Derek Jarman est l’auteur de 10 films de long métrage, tournés de 1976 (
Sebastiane, premier « péplum » homosexuel parlant latin de l’histoire du cinéma !) à 1993. On y trouve une adaptation cinématographique revisitée de
La Tempête de Shakespeare, celle d’une pièce de Marlowe, et bien d’autres choses. Il est également l’auteur de livres.
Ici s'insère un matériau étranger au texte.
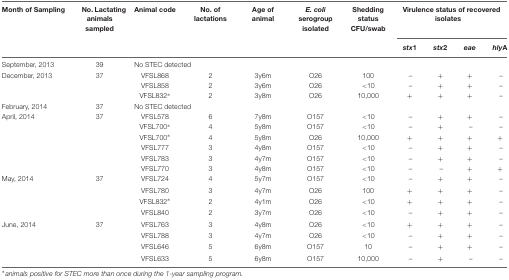
<table><thead><tr><td><b>Month of Sampling</b></td><td><b>No. Lactating animals sampled</b></td><td><b>Animal code</b></td><td><b>No. of lactations</b></td><td><b>Age of animal</b></td><td><b><i>E. coli</i> serogroup isolated</b></td><td><b>Shedding status CFU/swab</b></td><td colspan="4"><b>Virulence status of recovered isolates</b></td></tr><tr><td></td><td></td><td></td><td></td><td></td><td></td><td></td><td><b><i>stx</i>1</b></td><td><b><i>stx</i>2</b></td><td><b><i>eae</i></b></td><td><b><i>hly</i>A</b></td></tr></thead><tbody><tr><td>September, 2013</td><td>39</td><td>No STEC detected</td><td></td><td></td><td></td><td></td><td></td><td></td><td></td></tr><tr><td>December, 2013</td><td>37</td><td>VFSL868</td><td>2</td><td>3y6m</td><td>O26</td><td>100</td><td>–</td><td>+</td><td>+</td><td>–</td></tr><tr><td></td><td></td><td>VFSL858</td><td>2</td><td>3y6m</td><td>O26</td><td>&lt;10</td><td>–</td><td>+</td><td>+</td><td>–</td></tr><tr><td></td><td></td><td>VFSL832<sup>∗</sup></td><td>2</td><td>3y8m</td><td>O26</td><td>10,000</td><td>+</td><td>+</td><td>+</td><td>–</td></tr><tr><td>February, 2014</td><td>37</td><td>No STEC detected</td><td></td><td></td><td></td><td></td><td></td><td></td><td></td></tr><tr><td>April, 2014</td><td>37</td><td>VFSL578</td><td>6</td><td>7y8m</td><td>O157</td><td>&lt;10</td><td>–</td><td>+</td><td>+</td><td>–</td></tr><tr><td></td><td></td><td>VFSL700<sup>∗</sup></td><td>4</td><td>5y8m</td><td>O157</td><td>&lt;10</td><td>–</td><td>+</td><td>–</td><td>–</td></tr><tr><td></td><td></td><td>VFSL700<sup>∗</sup></td><td>4</td><td>5y8m</td><td>O26</td><td>10,000</td><td>+</td><td>+</td><td>+</td><td>+</td></tr><tr><td></td><td></td><td>VFSL777</td><td>3</td><td>4y8m</td><td>O157</td><td>&lt;10</td><td>–</td><td>+</td><td>+</td><td>–</td></tr><tr><td></td><td></td><td>VFSL783</td><td>3</td><td>4y7m</td><td>O157</td><td>&lt;10</td><td>–</td><td>+</td><td>+</td><td>–</td></tr><tr><td></td><td></td><td>VFSL770</td><td>3</td><td>4y8m</td><td>O157</td><td>&lt;10</td><td>–</td><td>–</td><td>+</td><td>+</td></tr><tr><td>May, 2014</td><td>37</td><td>VFSL724</td><td>4</td><td>5y7m</td><td>O157</td><td>&lt;10</td><td>–</td><td>+</td><td>+</td><td>–</td></tr><tr><td></td><td></td><td>VFSL780</td><td>3</td><td>4y7m</td><td>O26</td><td>100</td><td>+</td><td>+</td><td>+</td><td>–</td></tr><tr><td></td><td></td><td>VFSL832<sup>∗</sup></td><td>2</td><td>4y1m</td><td>O26</td><td>&lt;10</td><td>+</td><td>+</td><td>+</td><td>–</td></tr><tr><td></td><td></td><td>VFSL840</td><td>2</td><td>3y7m</td><td>O26</td><td>&lt;10</td><td>–</td><td>+</td><td>+</td><td>–</td></tr><tr><td>June, 2014</td><td>37</td><td>VFSL763</td><td>3</td><td>4y8m</td><td>O26</td><td>&lt;10</td><td>+</td><td>+</td><td>+</td><td>–</td></tr><tr><td></td><td></td><td>VFSL788</td><td>3</td><td>4y7m</td><td>O26</td><td>&lt;10</td><td>–</td><td>+</td><td>+</td><td>–</td></tr><tr><td></td><td></td><td>VFSL646</td><td>5</td><td>6y8m</td><td>O157</td><td>10</td><td>–</td><td>+</td><td>+</td><td>–</td></tr><tr><td></td><td></td><td>VFSL633</td><td>5</td><td>6y8m</td><td>O157</td><td>10,000</td><td>–</td><td>+</td><td>–</td><td>–</td></tr></tbody></table>
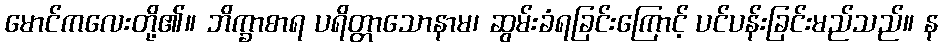
မောင်ကလေးတို့၏။ ဘိက္ခာစာရ ပရိတ္တာသောနာမ၊ ဆွမ်းခံရခြင်းကြောင့် ပင်ပန်းခြင်းမည်သည်။ န
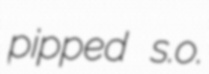
pipped s.o.
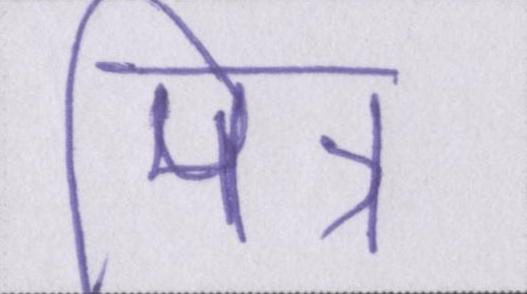
मित्र

Il a fait ses humanités au très sérieux King’s College de 1960 à 1963 avant d’étudier à la Slade School of Art de 1963 à 1967. Il peint, réalise des longs et des courts métrages – ces derniers souvent en S-8mm mais parfois avec de plus gros moyens - collabore à des vidéo-clips de Brian Ferry et Marianne Faithfull, écrit – notamment des poésies - à partir de 1969 et devient un cinéaste surréaliste, infatigable militant de la cause « gay ». Lorsqu’on lui annonce qu’il va mourir du Sida, il ne ralentit pas son activité : il publie un journal (
At your Own Risk - 1992), tourne plusieurs films. Il se retire, entre deux périodes actives, dans un jardin du Kent qu’il décore et que l’on visite encore aujourd’hui, à l’ombre d’une centrale nucléaire. De son vivant Jarman a reçu quelques prix de la crique anglaise (en 1988 notamment) et américaine mais depuis sa mort, les hommages à sa mémoire ne cessent de se multiplier outre-manche. Il est actuellement considéré comme un des plus grands artistes anglais de la seconde moitié du XXe siècle.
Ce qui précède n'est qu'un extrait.